Member of the Maryland House of Delegates from the 5th district
- In office 1951–1954 Serving with Carl W. Bacharach, Maurice A. Cardin, John P. Fitzgerald, Hugh A. Kennedy, John C. Luber, Marvin Mandel
- Preceded by: Charles F. Argabright, Charles M. Bandiere, Leo Charles Geraghty, Leroy W. Preston, Hugh A. Kennedy, John C. Luber
- Succeeded by: Carl W. Bacharach, Maurice A. Cardin, John P. Fitzgerald, John C. Luber, Marvin Mandel, Edgar P. Silver

Personal details
- Born: Preston Abercrombie Pairo Jr. June 5, 1927 Baltimore, Maryland, U.S.
- Died: October 10, 2010 (aged 83) Ellicott City, Maryland, U.S.
- Party: Democratic
- Spouse: Carol May Rupprecht
- Relations: W. Harry Pairo (grandfather)
- Children: 1
- Education: Baltimore Polytechnic Institute University of Baltimore
- Occupation: Politician; lawyer;

= Preston A. Pairo Jr. =

American politician (1927–2010)

Preston Abercrombie Pairo Jr. (June 5, 1927 – October 10, 2010) was an American politician and lawyer from Maryland. He served as a member of the Maryland House of Delegates from 1951 to 1954.

==Early life==
Preston Abercrombie Pairo Jr. was born on June 5, 1927, in Baltimore, Maryland, to Blossom (née Pritchett) and Preston A. Pairo. His grandfather was state delegate W. Harry Pairo. His father was a lawyer and police magistrate. His mother was a homemaker. He was raised on Liberty Heights Avenue in Baltimore. Pairo attended public schools in Baltimore. He graduated from the Baltimore Polytechnic Institute in 1945. He then served in the United States Navy from 1945 to 1946 aboard the . He graduated from the University of Baltimore with a pre-law degree in 1948, and the University of Baltimore School of Law with a law degree in 1951. He was admitted to the bar in 1951.

==Career==
Pairo was a lawyer. He was police magistrate of Baltimore from 1948 to 1949. He was a law clerk in Baltimore's solicitor's office from 1948 to 1951. He was assistant state's attorney of Baltimore from 1954 to 1958. In 1950, he was elected the "Most Captivating Man in Maryland – 1950". He was member of the Junior Bar of Baltimore City, dean of the Howard County Bar Association, and member and president of the Maryland Criminal Defense Attorneys Association.

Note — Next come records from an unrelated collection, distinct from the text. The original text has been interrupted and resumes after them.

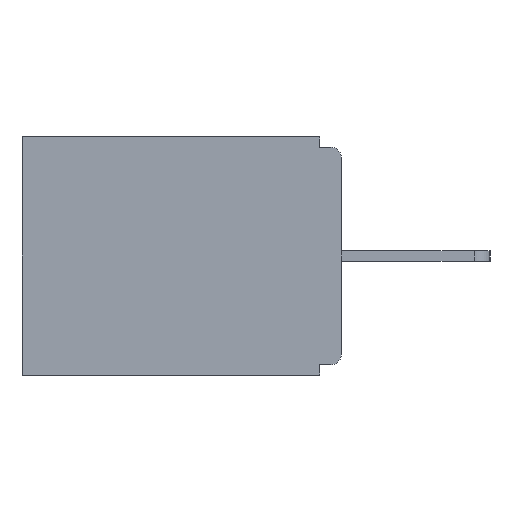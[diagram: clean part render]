
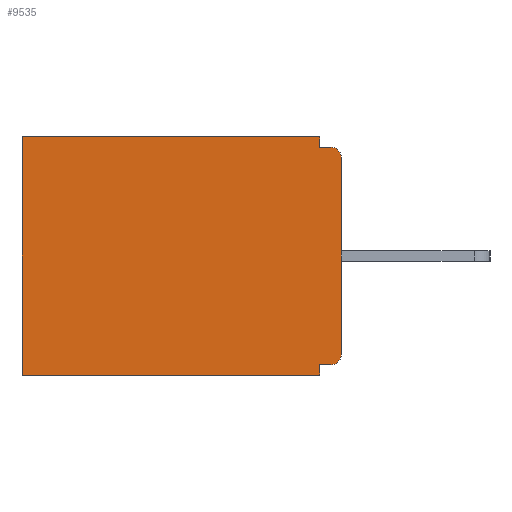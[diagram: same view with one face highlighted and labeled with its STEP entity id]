
A CAD part, left-side view. The second image highlights one B-rep face of the part: STEP entity #9535.
In plain terms, the highlighted planar face has unit normal (-1, 0, 0).
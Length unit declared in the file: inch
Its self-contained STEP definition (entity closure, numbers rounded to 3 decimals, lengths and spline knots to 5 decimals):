
#116 = ORIENTED_EDGE ( 'NONE', *, *, #7451, .T. ) ;
#118 = ORIENTED_EDGE ( 'NONE', *, *, #2324, .T. ) ;
#194 = EDGE_CURVE ( 'NONE', #8627, #2210, #784, .T. ) ;
#426 = ORIENTED_EDGE ( 'NONE', *, *, #194, .F. ) ;
#464 = ORIENTED_EDGE ( 'NONE', *, *, #3918, .F. ) ;
#493 = ORIENTED_EDGE ( 'NONE', *, *, #9165, .T. ) ;
#560 = ORIENTED_EDGE ( 'NONE', *, *, #9824, .F. ) ;
#665 = ORIENTED_EDGE ( 'NONE', *, *, #920, .F. ) ;
#708 = ORIENTED_EDGE ( 'NONE', *, *, #2495, .F. ) ;
#784 = LINE ( 'NONE', #4322, #9169 ) ;
#791 = ORIENTED_EDGE ( 'NONE', *, *, #9642, .T. ) ;
#818 = ORIENTED_EDGE ( 'NONE', *, *, #1100, .F. ) ;
#869 = DIRECTION ( 'NONE',  ( -1., 0., 0. ) ) ;
#920 = EDGE_CURVE ( 'NONE', #4869, #5542, #3449, .T. ) ;
#981 = CARTESIAN_POINT ( 'NONE',  ( 0.298, 0.031, -0.328 ) ) ;
#1100 = EDGE_CURVE ( 'NONE', #4300, #1921, #3279, .T. ) ;
#1194 = VECTOR ( 'NONE', #2049, 39.37008 ) ;
#1223 = DIRECTION ( 'NONE',  ( 0., 0., -1. ) ) ;
#1303 = DIRECTION ( 'NONE',  ( 0., 0., -1. ) ) ;
#1429 = VECTOR ( 'NONE', #1223, 39.37008 ) ;
#1696 = CARTESIAN_POINT ( 'NONE',  ( 0.298, 0.031, 0. ) ) ;
#1921 = VERTEX_POINT ( 'NONE', #9404 ) ;
#2049 = DIRECTION ( 'NONE',  ( 0., 1., 0. ) ) ;
#2210 = VERTEX_POINT ( 'NONE', #8426 ) ;
#2324 = EDGE_CURVE ( 'NONE', #8627, #5613, #10136, .T. ) ;
#2495 = EDGE_CURVE ( 'NONE', #3196, #4869, #9557, .T. ) ;
#2532 = FACE_OUTER_BOUND ( 'NONE', #7051, .T. ) ;
#3196 = VERTEX_POINT ( 'NONE', #6412 ) ;
#3279 = LINE ( 'NONE', #6509, #5401 ) ;
#3449 = LINE ( 'NONE', #5919, #9804 ) ;
#3489 = VERTEX_POINT ( 'NONE', #4132 ) ;
#3918 = EDGE_CURVE ( 'NONE', #2210, #4824, #10164, .T. ) ;
#3943 = PLANE ( 'NONE',  #8822 ) ;
#4010 = LINE ( 'NONE', #10004, #9517 ) ;
#4036 = DIRECTION ( 'NONE',  ( 0., 1., 0. ) ) ;
#4132 = CARTESIAN_POINT ( 'NONE',  ( 0.298, 0.46, -0.343 ) ) ;
#4258 = DIRECTION ( 'NONE',  ( 0., 0., -1. ) ) ;
#4264 = VECTOR ( 'NONE', #10184, 39.37008 ) ;
#4300 = VERTEX_POINT ( 'NONE', #10408 ) ;
#4322 = CARTESIAN_POINT ( 'NONE',  ( 0.298, 0.031, -0.343 ) ) ;
#4824 = VERTEX_POINT ( 'NONE', #10104 ) ;
#4869 = VERTEX_POINT ( 'NONE', #981 ) ;
#5401 = VECTOR ( 'NONE', #10327, 39.37008 ) ;
#5542 = VERTEX_POINT ( 'NONE', #7732 ) ;
#5613 = VERTEX_POINT ( 'NONE', #10348 ) ;
#5730 = VECTOR ( 'NONE', #10213, 39.37008 ) ;
#5919 = CARTESIAN_POINT ( 'NONE',  ( 0.298, 0.031, -0.343 ) ) ;
#5956 = CARTESIAN_POINT ( 'NONE',  ( 0.298, 0.015, -0.03 ) ) ;
#6252 = LINE ( 'NONE', #10039, #1429 ) ;
#6412 = CARTESIAN_POINT ( 'NONE',  ( 0.298, 0.015, -0.328 ) ) ;
#6509 = CARTESIAN_POINT ( 'NONE',  ( 0.298, 0., 0. ) ) ;
#6523 = CARTESIAN_POINT ( 'NONE',  ( 0.298, 0., 0. ) ) ;
#6890 = AXIS2_PLACEMENT_3D ( 'NONE', #5956, #8696, #8563 ) ;
#7046 = DIRECTION ( 'NONE',  ( 0., 0., -1. ) ) ;
#7051 = EDGE_LOOP ( 'NONE', ( #493, #464, #426, #118, #116, #560, #665, #708, #791, #818 ) ) ;
#7331 = CARTESIAN_POINT ( 'NONE',  ( 0.298, 0.015, -0.313 ) ) ;
#7396 = AXIS2_PLACEMENT_3D ( 'NONE', #7331, #869, #7046 ) ;
#7451 = EDGE_CURVE ( 'NONE', #5613, #3489, #6252, .T. ) ;
#7732 = CARTESIAN_POINT ( 'NONE',  ( 0.298, 0.031, -0.343 ) ) ;
#8426 = CARTESIAN_POINT ( 'NONE',  ( 0.298, 0.031, -0.015 ) ) ;
#8540 = CIRCLE ( 'NONE', #7396, 0.015 ) ;
#8563 = DIRECTION ( 'NONE',  ( 0., 0., -1. ) ) ;
#8627 = VERTEX_POINT ( 'NONE', #1696 ) ;
#8689 = DIRECTION ( 'NONE',  ( 0., 0., -1. ) ) ;
#8696 = DIRECTION ( 'NONE',  ( -1., 0., 0. ) ) ;
#8822 = AXIS2_PLACEMENT_3D ( 'NONE', #9466, #9455, #4258 ) ;
#9165 = EDGE_CURVE ( 'NONE', #4300, #4824, #10345, .T. ) ;
#9169 = VECTOR ( 'NONE', #1303, 39.37008 ) ;
#9404 = CARTESIAN_POINT ( 'NONE',  ( 0.298, 0., -0.313 ) ) ;
#9455 = DIRECTION ( 'NONE',  ( 1., 0., 0. ) ) ;
#9466 = CARTESIAN_POINT ( 'NONE',  ( 0.298, 0., 0. ) ) ;
#9517 = VECTOR ( 'NONE', #4036, 39.37008 ) ;
#9535 = ADVANCED_FACE ( 'NONE', ( #2532 ), #3943, .F. ) ;
#9557 = LINE ( 'NONE', #9679, #5730 ) ;
#9642 = EDGE_CURVE ( 'NONE', #3196, #1921, #8540, .T. ) ;
#9679 = CARTESIAN_POINT ( 'NONE',  ( 0.298, 0., -0.328 ) ) ;
#9804 = VECTOR ( 'NONE', #8689, 39.37008 ) ;
#9824 = EDGE_CURVE ( 'NONE', #5542, #3489, #4010, .T. ) ;
#10004 = CARTESIAN_POINT ( 'NONE',  ( 0.298, 0., -0.343 ) ) ;
#10039 = CARTESIAN_POINT ( 'NONE',  ( 0.298, 0.46, 0. ) ) ;
#10104 = CARTESIAN_POINT ( 'NONE',  ( 0.298, 0.015, -0.015 ) ) ;
#10136 = LINE ( 'NONE', #6523, #1194 ) ;
#10164 = LINE ( 'NONE', #10241, #4264 ) ;
#10184 = DIRECTION ( 'NONE',  ( 0., -1., 0. ) ) ;
#10213 = DIRECTION ( 'NONE',  ( 0., 1., 0. ) ) ;
#10241 = CARTESIAN_POINT ( 'NONE',  ( 0.298, 0., -0.015 ) ) ;
#10327 = DIRECTION ( 'NONE',  ( 0., 0., -1. ) ) ;
#10345 = CIRCLE ( 'NONE', #6890, 0.015 ) ;
#10348 = CARTESIAN_POINT ( 'NONE',  ( 0.298, 0.46, 0. ) ) ;
#10408 = CARTESIAN_POINT ( 'NONE',  ( 0.298, 0., -0.03 ) ) ;

Pairo was a Democrat. He served as a member of the Maryland House of Delegates, representing the 5th district, from 1951 to 1954.

In the 1950s, Pairo practiced law with his father at Court Square Building in downtown Baltimore. In 1983, he established law firm Pairo & Pairo LLC in Ellicott City with his son Preston A. Pairo III. He retired in 2007, but still remained affiliated with the law firm.

==Personal life==
Pairo married Carol May Rupprecht, daughter of George William Rupprecht, on August 12, 1950. They had one son, Preston A. III. He was a member of the Masons, Shriners, Boumi Temple, and the Royal Order of the Jesters. He was a fan of boxing and the music of Luciano Pavarotti and Frank Sinatra. He owned a condominium in Ocean City.

Pairo died of cardiovascular disease on October 10, 2010, at his home in Ellicott City.